- **Your task**
Please give again every entry exactly as it appears, setting aside the pictures.
** Extracted material follows **
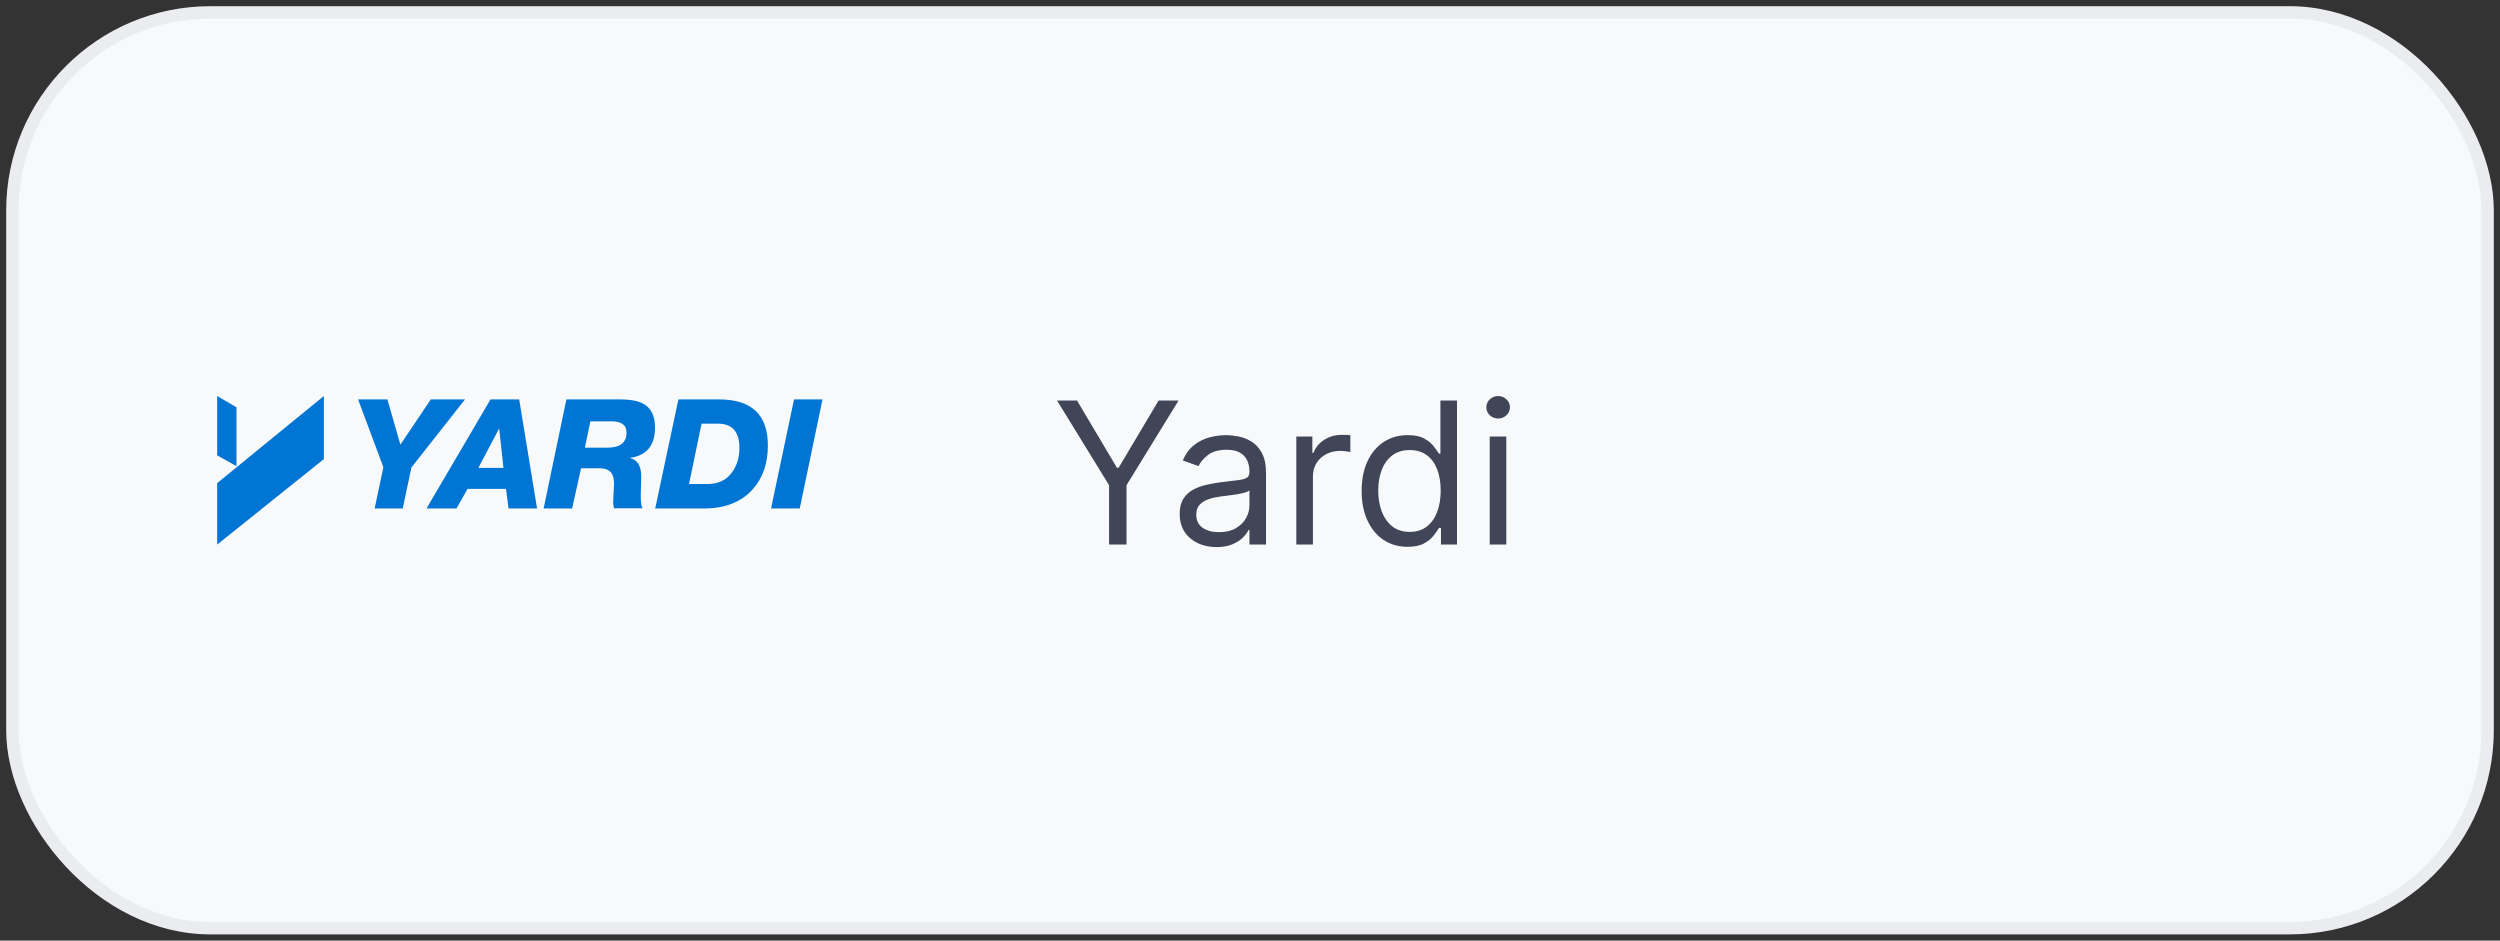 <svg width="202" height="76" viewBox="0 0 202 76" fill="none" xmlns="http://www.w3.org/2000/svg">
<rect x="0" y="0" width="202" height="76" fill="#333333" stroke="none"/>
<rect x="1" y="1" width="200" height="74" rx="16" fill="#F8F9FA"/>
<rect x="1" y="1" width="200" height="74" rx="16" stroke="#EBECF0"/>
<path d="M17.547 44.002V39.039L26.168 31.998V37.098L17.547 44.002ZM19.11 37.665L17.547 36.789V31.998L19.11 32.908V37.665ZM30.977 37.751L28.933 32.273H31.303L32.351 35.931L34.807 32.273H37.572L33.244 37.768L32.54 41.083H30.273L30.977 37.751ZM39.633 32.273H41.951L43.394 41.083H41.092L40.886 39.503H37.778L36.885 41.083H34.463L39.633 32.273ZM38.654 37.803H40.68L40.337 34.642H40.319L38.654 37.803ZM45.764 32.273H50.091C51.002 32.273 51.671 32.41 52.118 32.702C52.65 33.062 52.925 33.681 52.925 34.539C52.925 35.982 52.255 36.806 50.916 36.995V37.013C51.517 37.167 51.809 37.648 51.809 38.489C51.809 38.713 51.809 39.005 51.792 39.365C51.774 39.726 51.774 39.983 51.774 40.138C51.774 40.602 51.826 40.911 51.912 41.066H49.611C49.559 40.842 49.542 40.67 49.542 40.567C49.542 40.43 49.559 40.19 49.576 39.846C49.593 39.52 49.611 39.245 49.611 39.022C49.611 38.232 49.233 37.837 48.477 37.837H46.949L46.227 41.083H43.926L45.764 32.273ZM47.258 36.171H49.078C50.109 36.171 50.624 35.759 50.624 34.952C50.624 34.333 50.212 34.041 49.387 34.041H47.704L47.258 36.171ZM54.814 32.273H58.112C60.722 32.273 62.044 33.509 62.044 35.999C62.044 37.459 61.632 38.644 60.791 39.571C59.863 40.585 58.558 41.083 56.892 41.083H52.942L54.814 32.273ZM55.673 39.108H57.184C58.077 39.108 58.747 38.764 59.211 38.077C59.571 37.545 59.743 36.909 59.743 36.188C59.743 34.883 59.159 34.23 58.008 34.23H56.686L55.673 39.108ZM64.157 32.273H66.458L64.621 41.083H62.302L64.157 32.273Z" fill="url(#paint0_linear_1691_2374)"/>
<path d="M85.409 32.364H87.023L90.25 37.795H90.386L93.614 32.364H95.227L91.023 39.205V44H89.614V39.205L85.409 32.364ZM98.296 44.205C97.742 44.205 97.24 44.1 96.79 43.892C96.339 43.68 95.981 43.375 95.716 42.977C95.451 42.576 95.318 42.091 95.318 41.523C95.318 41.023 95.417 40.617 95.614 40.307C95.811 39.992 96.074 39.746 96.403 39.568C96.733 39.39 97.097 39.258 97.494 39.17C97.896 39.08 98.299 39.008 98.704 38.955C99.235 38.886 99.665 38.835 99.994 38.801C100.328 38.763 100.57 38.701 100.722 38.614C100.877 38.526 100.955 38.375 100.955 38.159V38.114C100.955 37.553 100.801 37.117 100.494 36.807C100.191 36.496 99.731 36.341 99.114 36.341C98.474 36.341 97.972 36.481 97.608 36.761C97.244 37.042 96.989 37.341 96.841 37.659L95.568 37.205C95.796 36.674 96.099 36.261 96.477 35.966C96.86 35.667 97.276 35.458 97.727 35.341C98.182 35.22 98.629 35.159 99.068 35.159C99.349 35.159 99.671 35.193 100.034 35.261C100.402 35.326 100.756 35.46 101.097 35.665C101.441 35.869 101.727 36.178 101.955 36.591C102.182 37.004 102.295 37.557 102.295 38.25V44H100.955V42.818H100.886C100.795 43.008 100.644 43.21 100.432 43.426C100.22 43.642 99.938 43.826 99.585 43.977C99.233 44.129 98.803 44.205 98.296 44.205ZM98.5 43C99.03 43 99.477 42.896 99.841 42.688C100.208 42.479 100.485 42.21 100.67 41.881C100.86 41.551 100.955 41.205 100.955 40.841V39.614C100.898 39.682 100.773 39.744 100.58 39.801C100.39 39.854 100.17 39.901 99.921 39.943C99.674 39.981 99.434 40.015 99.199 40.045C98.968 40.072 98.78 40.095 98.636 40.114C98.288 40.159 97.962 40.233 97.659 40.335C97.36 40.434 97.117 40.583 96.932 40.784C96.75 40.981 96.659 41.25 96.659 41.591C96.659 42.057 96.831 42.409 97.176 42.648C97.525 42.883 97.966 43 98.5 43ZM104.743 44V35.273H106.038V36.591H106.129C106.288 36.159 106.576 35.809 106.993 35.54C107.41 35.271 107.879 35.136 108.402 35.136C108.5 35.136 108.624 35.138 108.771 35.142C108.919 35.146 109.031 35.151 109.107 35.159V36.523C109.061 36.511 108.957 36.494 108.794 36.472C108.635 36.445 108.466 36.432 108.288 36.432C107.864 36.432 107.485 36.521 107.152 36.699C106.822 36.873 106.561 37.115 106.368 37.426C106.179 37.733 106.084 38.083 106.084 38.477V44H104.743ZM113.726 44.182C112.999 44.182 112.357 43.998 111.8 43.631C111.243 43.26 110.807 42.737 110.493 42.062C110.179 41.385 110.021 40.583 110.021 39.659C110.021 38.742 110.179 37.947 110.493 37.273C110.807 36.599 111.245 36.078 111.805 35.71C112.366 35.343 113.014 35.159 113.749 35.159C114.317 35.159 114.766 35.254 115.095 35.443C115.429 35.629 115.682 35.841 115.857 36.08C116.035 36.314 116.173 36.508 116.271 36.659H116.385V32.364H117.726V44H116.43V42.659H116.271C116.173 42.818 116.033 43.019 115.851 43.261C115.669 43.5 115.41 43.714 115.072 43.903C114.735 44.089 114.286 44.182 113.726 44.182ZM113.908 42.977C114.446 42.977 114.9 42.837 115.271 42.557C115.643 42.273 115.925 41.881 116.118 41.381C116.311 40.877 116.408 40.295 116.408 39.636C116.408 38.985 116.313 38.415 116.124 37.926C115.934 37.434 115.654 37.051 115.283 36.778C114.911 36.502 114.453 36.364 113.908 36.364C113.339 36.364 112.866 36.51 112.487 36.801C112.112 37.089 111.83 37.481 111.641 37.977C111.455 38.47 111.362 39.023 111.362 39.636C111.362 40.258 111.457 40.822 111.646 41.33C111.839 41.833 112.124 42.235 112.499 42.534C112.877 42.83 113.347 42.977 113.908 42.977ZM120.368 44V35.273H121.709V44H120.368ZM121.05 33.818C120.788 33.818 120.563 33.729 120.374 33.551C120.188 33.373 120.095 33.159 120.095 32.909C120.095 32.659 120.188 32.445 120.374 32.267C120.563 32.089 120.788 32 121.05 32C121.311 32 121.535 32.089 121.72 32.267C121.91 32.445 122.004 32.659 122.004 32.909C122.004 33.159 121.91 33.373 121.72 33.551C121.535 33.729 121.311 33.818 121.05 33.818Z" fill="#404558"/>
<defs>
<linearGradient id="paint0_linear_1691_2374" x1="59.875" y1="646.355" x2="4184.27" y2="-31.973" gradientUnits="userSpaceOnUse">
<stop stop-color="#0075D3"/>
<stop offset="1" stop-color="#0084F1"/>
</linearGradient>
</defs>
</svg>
** End of Extracted material **
- **Exercise output**
 <svg width="202" height="76" viewBox="0 0 202 76" fill="none" xmlns="http://www.w3.org/2000/svg">
<rect x="0" y="0" width="202" height="76" fill="#333333" stroke="none"/>
<rect x="1" y="1" width="200" height="74" rx="16" fill="#F8F9FA"/>
<rect x="1" y="1" width="200" height="74" rx="16" stroke="#EBECF0"/>
<path d="M17.547 44.002V39.039L26.168 31.998V37.098L17.547 44.002ZM19.11 37.665L17.547 36.789V31.998L19.11 32.908V37.665ZM30.977 37.751L28.933 32.273H31.303L32.351 35.931L34.807 32.273H37.572L33.244 37.768L32.54 41.083H30.273L30.977 37.751ZM39.633 32.273H41.951L43.394 41.083H41.092L40.886 39.503H37.778L36.885 41.083H34.463L39.633 32.273ZM38.654 37.803H40.68L40.337 34.642H40.319L38.654 37.803ZM45.764 32.273H50.091C51.002 32.273 51.671 32.41 52.118 32.702C52.65 33.062 52.925 33.681 52.925 34.539C52.925 35.982 52.255 36.806 50.916 36.995V37.013C51.517 37.167 51.809 37.648 51.809 38.489C51.809 38.713 51.809 39.005 51.792 39.365C51.774 39.726 51.774 39.983 51.774 40.138C51.774 40.602 51.826 40.911 51.912 41.066H49.611C49.559 40.842 49.542 40.67 49.542 40.567C49.542 40.43 49.559 40.19 49.576 39.846C49.593 39.52 49.611 39.245 49.611 39.022C49.611 38.232 49.233 37.837 48.477 37.837H46.949L46.227 41.083H43.926L45.764 32.273ZM47.258 36.171H49.078C50.109 36.171 50.624 35.759 50.624 34.952C50.624 34.333 50.212 34.041 49.387 34.041H47.704L47.258 36.171ZM54.814 32.273H58.112C60.722 32.273 62.044 33.509 62.044 35.999C62.044 37.459 61.632 38.644 60.791 39.571C59.863 40.585 58.558 41.083 56.892 41.083H52.942L54.814 32.273ZM55.673 39.108H57.184C58.077 39.108 58.747 38.764 59.211 38.077C59.571 37.545 59.743 36.909 59.743 36.188C59.743 34.883 59.159 34.23 58.008 34.23H56.686L55.673 39.108ZM64.157 32.273H66.458L64.621 41.083H62.302L64.157 32.273Z" fill="url(#paint0_linear_1691_2374)"/>
<path d="M85.409 32.364H87.023L90.25 37.795H90.386L93.614 32.364H95.227L91.023 39.205V44H89.614V39.205L85.409 32.364ZM98.296 44.205C97.742 44.205 97.24 44.1 96.79 43.892C96.339 43.68 95.981 43.375 95.716 42.977C95.451 42.576 95.318 42.091 95.318 41.523C95.318 41.023 95.417 40.617 95.614 40.307C95.811 39.992 96.074 39.746 96.403 39.568C96.733 39.39 97.097 39.258 97.494 39.17C97.896 39.08 98.299 39.008 98.704 38.955C99.235 38.886 99.665 38.835 99.994 38.801C100.328 38.763 100.57 38.701 100.722 38.614C100.877 38.526 100.955 38.375 100.955 38.159V38.114C100.955 37.553 100.801 37.117 100.494 36.807C100.191 36.496 99.731 36.341 99.114 36.341C98.474 36.341 97.972 36.481 97.608 36.761C97.244 37.042 96.989 37.341 96.841 37.659L95.568 37.205C95.796 36.674 96.099 36.261 96.477 35.966C96.86 35.667 97.276 35.458 97.727 35.341C98.182 35.22 98.629 35.159 99.068 35.159C99.349 35.159 99.671 35.193 100.034 35.261C100.402 35.326 100.756 35.46 101.097 35.665C101.441 35.869 101.727 36.178 101.955 36.591C102.182 37.004 102.295 37.557 102.295 38.25V44H100.955V42.818H100.886C100.795 43.008 100.644 43.21 100.432 43.426C100.22 43.642 99.938 43.826 99.585 43.977C99.233 44.129 98.803 44.205 98.296 44.205ZM98.5 43C99.03 43 99.477 42.896 99.841 42.688C100.208 42.479 100.485 42.21 100.67 41.881C100.86 41.551 100.955 41.205 100.955 40.841V39.614C100.898 39.682 100.773 39.744 100.58 39.801C100.39 39.854 100.17 39.901 99.921 39.943C99.674 39.981 99.434 40.015 99.199 40.045C98.968 40.072 98.78 40.095 98.636 40.114C98.288 40.159 97.962 40.233 97.659 40.335C97.36 40.434 97.117 40.583 96.932 40.784C96.75 40.981 96.659 41.25 96.659 41.591C96.659 42.057 96.831 42.409 97.176 42.648C97.525 42.883 97.966 43 98.5 43ZM104.743 44V35.273H106.038V36.591H106.129C106.288 36.159 106.576 35.809 106.993 35.54C107.41 35.271 107.879 35.136 108.402 35.136C108.5 35.136 108.624 35.138 108.771 35.142C108.919 35.146 109.031 35.151 109.107 35.159V36.523C109.061 36.511 108.957 36.494 108.794 36.472C108.635 36.445 108.466 36.432 108.288 36.432C107.864 36.432 107.485 36.521 107.152 36.699C106.822 36.873 106.561 37.115 106.368 37.426C106.179 37.733 106.084 38.083 106.084 38.477V44H104.743ZM113.726 44.182C112.999 44.182 112.357 43.998 111.8 43.631C111.243 43.26 110.807 42.737 110.493 42.062C110.179 41.385 110.021 40.583 110.021 39.659C110.021 38.742 110.179 37.947 110.493 37.273C110.807 36.599 111.245 36.078 111.805 35.71C112.366 35.343 113.014 35.159 113.749 35.159C114.317 35.159 114.766 35.254 115.095 35.443C115.429 35.629 115.682 35.841 115.857 36.08C116.035 36.314 116.173 36.508 116.271 36.659H116.385V32.364H117.726V44H116.43V42.659H116.271C116.173 42.818 116.033 43.019 115.851 43.261C115.669 43.5 115.41 43.714 115.072 43.903C114.735 44.089 114.286 44.182 113.726 44.182ZM113.908 42.977C114.446 42.977 114.9 42.837 115.271 42.557C115.643 42.273 115.925 41.881 116.118 41.381C116.311 40.877 116.408 40.295 116.408 39.636C116.408 38.985 116.313 38.415 116.124 37.926C115.934 37.434 115.654 37.051 115.283 36.778C114.911 36.502 114.453 36.364 113.908 36.364C113.339 36.364 112.866 36.51 112.487 36.801C112.112 37.089 111.83 37.481 111.641 37.977C111.455 38.47 111.362 39.023 111.362 39.636C111.362 40.258 111.457 40.822 111.646 41.33C111.839 41.833 112.124 42.235 112.499 42.534C112.877 42.83 113.347 42.977 113.908 42.977ZM120.368 44V35.273H121.709V44H120.368ZM121.05 33.818C120.788 33.818 120.563 33.729 120.374 33.551C120.188 33.373 120.095 33.159 120.095 32.909C120.095 32.659 120.188 32.445 120.374 32.267C120.563 32.089 120.788 32 121.05 32C121.311 32 121.535 32.089 121.72 32.267C121.91 32.445 122.004 32.659 122.004 32.909C122.004 33.159 121.91 33.373 121.72 33.551C121.535 33.729 121.311 33.818 121.05 33.818Z" fill="#404558"/>
<defs>
<linearGradient id="paint0_linear_1691_2374" x1="59.875" y1="646.355" x2="4184.27" y2="-31.973" gradientUnits="userSpaceOnUse">
<stop stop-color="#0075D3"/>
<stop offset="1" stop-color="#0084F1"/>
</linearGradient>
</defs>
</svg>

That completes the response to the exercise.